Listas parlamentarias de terror


Detrás de la improvisación que trasuntan todos los partidos al proponer a personajes mayoritariamente incompetentes para el ejercicio parlamentario, se esconde una grave amenaza para la institucionalidad democrática del Estado peruano.

Salvo un puñado de excepciones, efectivamente las agrupaciones en contienda han incurrido en la necedad de postular a candidatos que claramente no tienen ni la capacidad intelectual ni el nivel profesional mínimo para ocupar los 130 escaños del Legislativo.

¿Qué pueden aportar, por ejemplo, deportistas jubilados, actores y actrices de segundo nivel, ex funcionarios acusados de corrupción en períodos anteriores, politicastros largamente vapuleados por la opinión pública y hasta sentenciados por delitos graves? Las cúpulas partidarias han preferido convocar a personajes mediáticos, populares y populacheros, dejando de lado la consideración medular de que un congresista debe ser alguien capaz de debatir con argumentos y sapiencia razonables el futuro del país. Y el auténtico parlamentario debe estar formado para modular el desarrollo nacional a través de complejas técnicas legislativas.

Si bien teóricamente la democracia debe reflejar en sus órganos de gobierno a la heterogeneidad ciudadana, el Parlamento requiere estar restringido a una élite de personas con calidad ética y formación académico-profesional que les permita no solo decidir qué leyes regularán al pueblo, sino también fiscalizar al Poder Ejecutivo. La élite bien entendida no se refiere al nivel económico de los parlamentarios, ni a su posición social, o sus características étnicas, sexuales y religiosas. Pero es absolutamente inadmisible que en el Congreso encuentren cabida ignorantes, inmorales, tránsfugas y simples demagogos.

Desde la restauración de la democracia el año 2001, nuestro Parlamento fue infestado por ‘mataperros’, ‘comepollo’, ‘robaluz’, violadores, ‘lavapiés’, nepotistas, ladrones y ociosos.
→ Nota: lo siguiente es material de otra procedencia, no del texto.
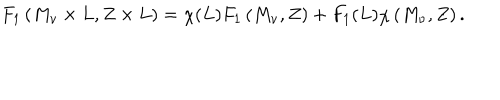
LaTeX: F _ { 1 } \left( M _ { \nu } \times L , Z \times L \right) = \chi ( L ) F _ { 1 } \left( M _ { \nu } , Z \right) + F _ { 1 } ( L ) \chi \left( M _ { \nu } , Z \right) .
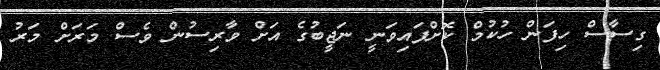
ގިސާސް ހިފަން ހުކުމް ކޮށްފައިވަނީ ނަޖީބުގެ އަށް ވާރިސުން ވެސް މަރަށް މަރު
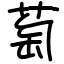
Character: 萄
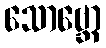
သောဗ္ဘော
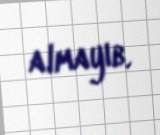
almayıb.
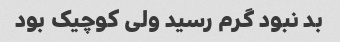
بد نبود گرم رسید ولی کوچیک بود
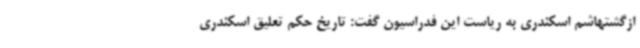
ازگشتهاشم اسکندری به ریاست این فدراسیون گفت: تاریخ حکم تعلیق اسکندری
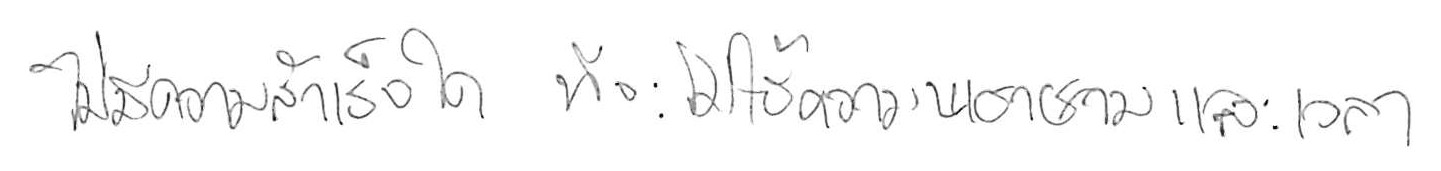
ไม่มีความสำเร็จใด ที่จะไม่ใช้ความพยายามและเวลา
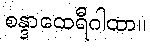
စန္ဒာထေရီဂါထာ။
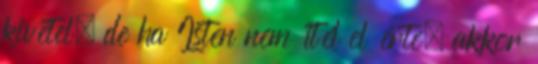
kivétel, de ha Isten nem ítél el érte, akkor
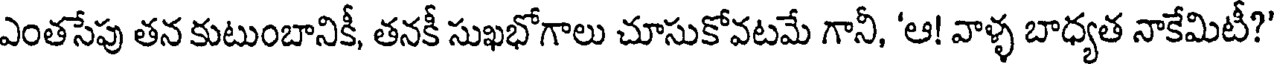
ఎంతసేపు తన కుటుంబానికీ, తనకీ సుఖభోగాలు చూసుకోవటమే గానీ, 'ఆ! వాళ్ళ బాధ్యత నాకేమిటీ?
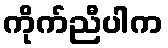
ကိုက်ညီပါက
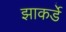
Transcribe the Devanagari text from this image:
झाकर्डे
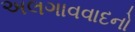
અલગાવવાદનો
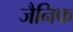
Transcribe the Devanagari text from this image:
जैनिफ
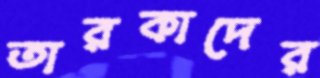
তারকাদের
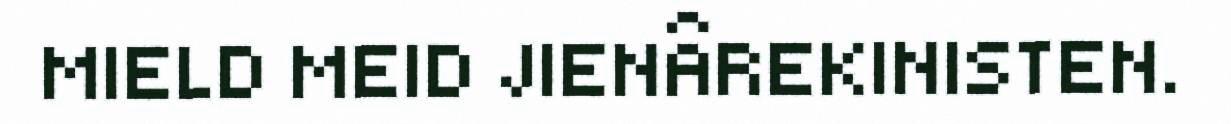
MIELD MEID JIENÂREKINISTEN.
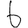
Digit: 6
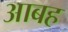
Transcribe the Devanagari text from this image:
आबह
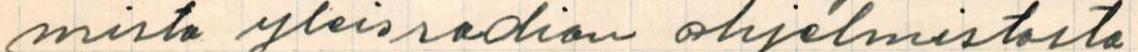
mista yleisradion ohjelmistosta
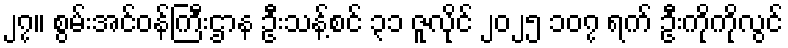
၂၇။ စွမ်းအင်ဝန်ကြီးဌာန ဦးသန့်စင် ၃၁ ဇူလိုင် ၂၀၂၅ ၁၀၇ ရက် ဦးကိုကိုလွင်
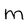
Character: M
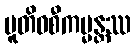
ပူတိဝစီကမ္မန္တဿ
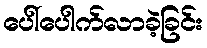
ပေါ်ပေါက်လာခဲ့ခြင်း
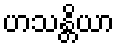
ဟသန္တိယာ
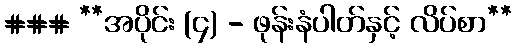
### **အပိုင်း (၄) - ဖုန်းနံပါတ်နှင့် လိပ်စာ**
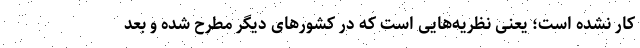
کار نشده است؛ یعنی نظریه‌هایی است که در کشورهای دیگر مطرح شده و بعد
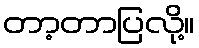
တာ့တာပြလို့။
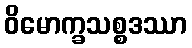
ဝိမောက္ခသစ္စဒဿာ
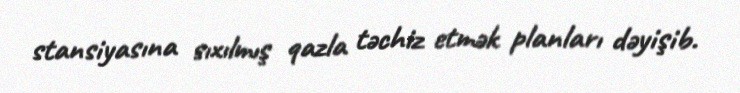
stansiyasına sıxılmış qazla təchiz etmək planları dəyişib.
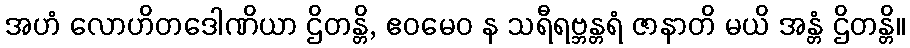
အဟံ လောဟိတဒေါဏိယာ ဌိတန္တိ, ဧဝမေဝ န သရီရဗ္ဘန္တရံ ဇာနာတိ မယိ အန္တံ ဌိတန္တိ။
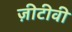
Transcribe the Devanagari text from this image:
ज़ीटीवी
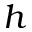
h
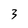
Character: 3
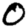
Digit: 0
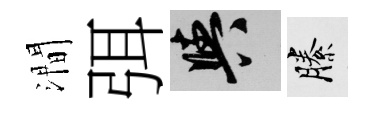
澗弭阳縢
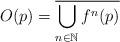
LaTeX: \begin{align*}O(p)=\overline{\bigcup_{n\in \mathbb N}f^n(p)}\end{align*}
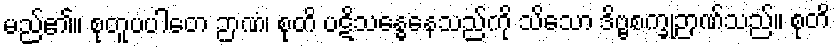
မည်၏။ စုတူပပါတေ ဉာဏံ၊ စုတိ ပဋိသန္ဓေနေသည်ကို သိသော ဒိဗ္ဗစက္ခုဉာဏ်သည်။ စုတိ
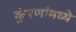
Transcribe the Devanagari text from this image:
कुंपणांमध्ये
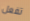
تفعل
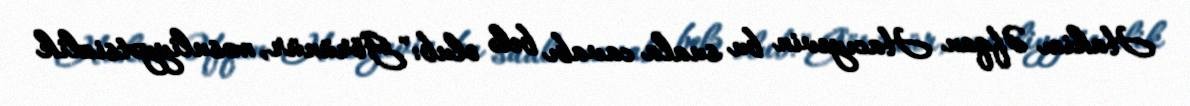
Hakim Əfqan Hacıyevin bu suala cavabı belə olub: "Görünür, məsuliyyətsizlik
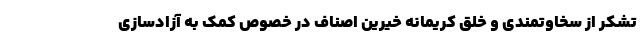
تشکر از سخاوتمندی و خلق کریمانه خیرین اصناف در خصوص کمک به آزادسازی
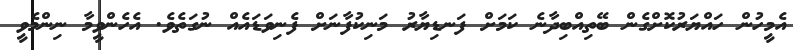
އެމީހުން ހައްޔަރުކޮށްގެން ބޭތިއްބިދާނެ ކަމަށް ފަނޑިޔާރު މަނިކުފާނަށް ފެނިވަޑައެއް ނުގަތެވެ. އެހެންވީމާ ނިންމެވީ
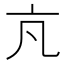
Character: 𪜠
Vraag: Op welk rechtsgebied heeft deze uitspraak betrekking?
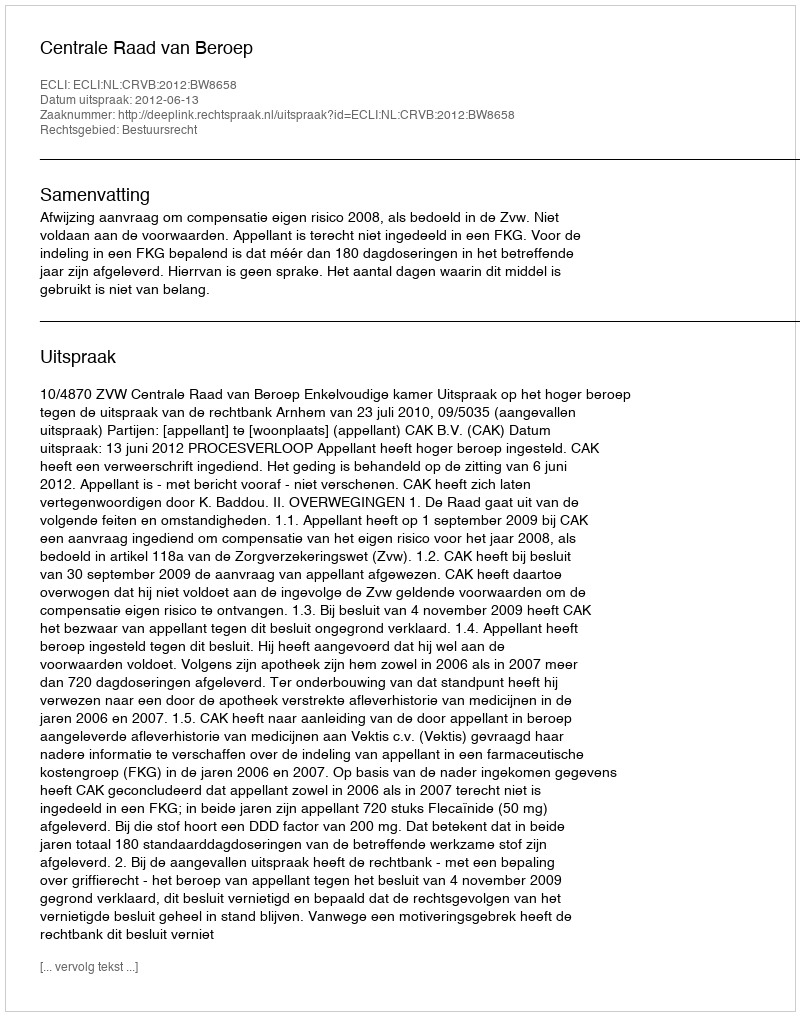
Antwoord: Bestuursrecht
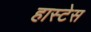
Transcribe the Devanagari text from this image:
हास्टेस
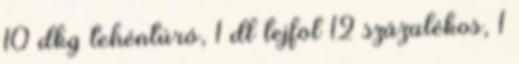
10 dkg tehéntúró, 1 dl tejföl 12 százalékos, 1
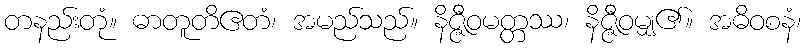
တနည်းတုံ။ ဓာတူတိဧတံ၊ အမည်သည်။ နိဇ္ဇီဝမတ္တဿ၊ နိဇ္ဇီဝမျှ၏။ အဓိဝစနံ၊
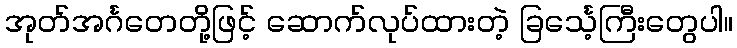
အုတ်အင်္ဂတေတို့ဖြင့် ဆောက်လုပ်ထားတဲ့ ခြင်္သေ့ကြီးတွေပါ။
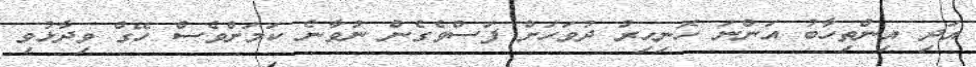
އަދި އިންތިހާބު އަންނަ ހޮނިހިރު ދުވަހަށް ފަސްވެގެން ނުވާނެ ކަމަށްވެސް ހޭގް ވިދާޅުވި
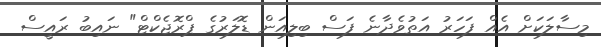
މިސާލަކަށް އެއް ފަހަރު އަތުވެދާނެ ފަސް ބިލިއަން ޑޮލަރުގެ ޕްރޮޖެކްޓް" ނައިބު ރައީސް
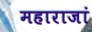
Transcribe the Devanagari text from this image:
महाराजां
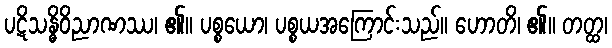
ပဋိသန္ဓိဝိညာဏဿ၊ ၏။ ပစ္စယော၊ ပစ္စယအကြောင်းသည်။ ဟောတိ၊ ၏။ တတ္ထ၊
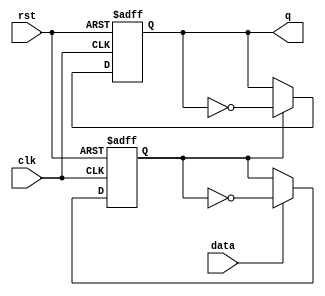
`timescale 1ns/1ns
module Tff_2 (
input wire data, clk, rst,
output reg q  
);
//*************code***********//
reg q1;
    always @(posedge clk or negedge rst) begin
        if(!rst) begin
            q1 <= 0;
            q <= 0;
        end
        else begin
            if (data) begin
            q1 <= !q1;
            end
            if (q1) begin
            q <= !q;
            end
        end
    end
//*************code***********//
endmodule
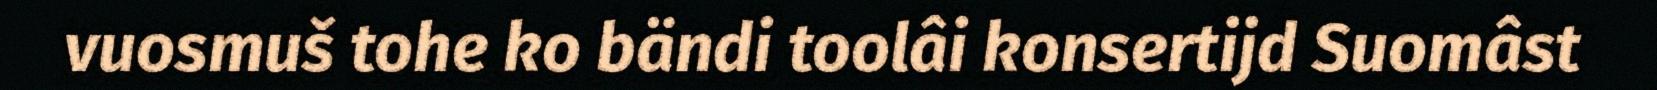
vuosmuš tohe ko bändi toolâi konsertijd Suomâst
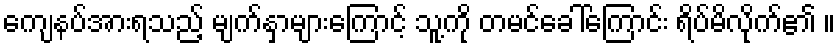
ကျေနပ်အားရသည့် မျက်နှာများကြောင့် သူ့ကို တမင်ခေါ်ကြောင်း ရိပ်မိလိုက်၏ ။
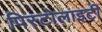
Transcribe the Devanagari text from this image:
पिस्टोलाइटी
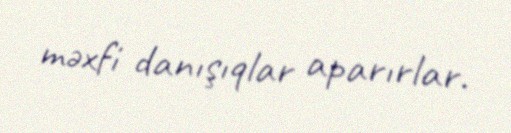
məxfi danışıqlar aparırlar.
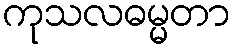
ကုသလဓမ္မတာ

La simple revisión de lo actuado en los últimos dos gobiernos desde el Legislativo demuestra, claramente, que más han sido los escándalos parlamentarios que el aporte racional y constructivo para la gobernabilidad del Perú. Por eso los ciudadanos reiteran en cada encuesta su malestar y asignan al Congreso índices de credibilidad infames, en el orden del 15%.

La lección, evidentemente, no ha sido aprendida. Y la causa de fondo tiene un solo nombre: en nuestro país el sistema político tiene un terrible disloque funcional. Prácticamente no existen partidos políticos, sino clubes electorales disfrazados de movimientos, alianzas y frentes. Al interior de esos clubes, donde la falta de transparencia campea, las cúpulas son cuasi imperiales, al punto que las elecciones primarias para formar las listas son simplemente formalidades mediocres que ni siquiera cumplen con el rigor de la ley. Como señaló el informe de la ONG Transparencia sobre los procesos de noviembre último: “A pesar de constituir esfuerzos normativos importantes, ya que en la mayoría de los casos los partidos intentaban por primera vez la regulación de sus procesos electorales, estas normas no alcanzaron a definir con precisión algunas materias básicas como: los procesos impugnatorios de decisiones electorales, y la regulación de la jornada electoral; los mecanismos de publicidad del padrón…”.

Además, al existir el nefasto voto preferencial se permite que en el interior del país se repliquen los cacicazgos políticos, al extremo de que quien tiene algo de dinero para comprar su ubicación en las listas parlamentarias es el que manda.

Luego, la ausencia de un Senado que aliente a profesionales y gente de buen nivel académico a incursionar en la política contribuye a que la mediocridad campee. Y conste que este diagnóstico no es nuevo: en 1903 el maestro José Matías Manzanilla alertaba contra la incompetencia de los congresistas. En 1914 Víctor Andrés Belaunde reclamaba por la falta de sintonía entre representantes y opinión pública. Y en 1949 José Luis Bustamante y Rivero denunciaba la crisis estructural del Legislativo.

Pese a ello lo peor no será que en los próximos cinco años se reediten los escándalos congresales, sino que se seguirá acentuando el deterioro de un sistema político que, tarde o temprano, puede dar paso a formas violentas de conflicto social.

Las enseñanzas formuladas en el siglo XVII por John Locke sobre la teoría parlamentaria, e incluso las advertencias sobre la galopante separación entre el poder y la sociedad lanzadas por Jurgen Habermas, deberían hacer meditar a los políticos serios sobre el disparate que está a punto de producirse nuevamente en nuestro Congreso de la República. Pero claro, y lo digo con dolor, en el mundillo de los otorongos la razón no tiene cabida.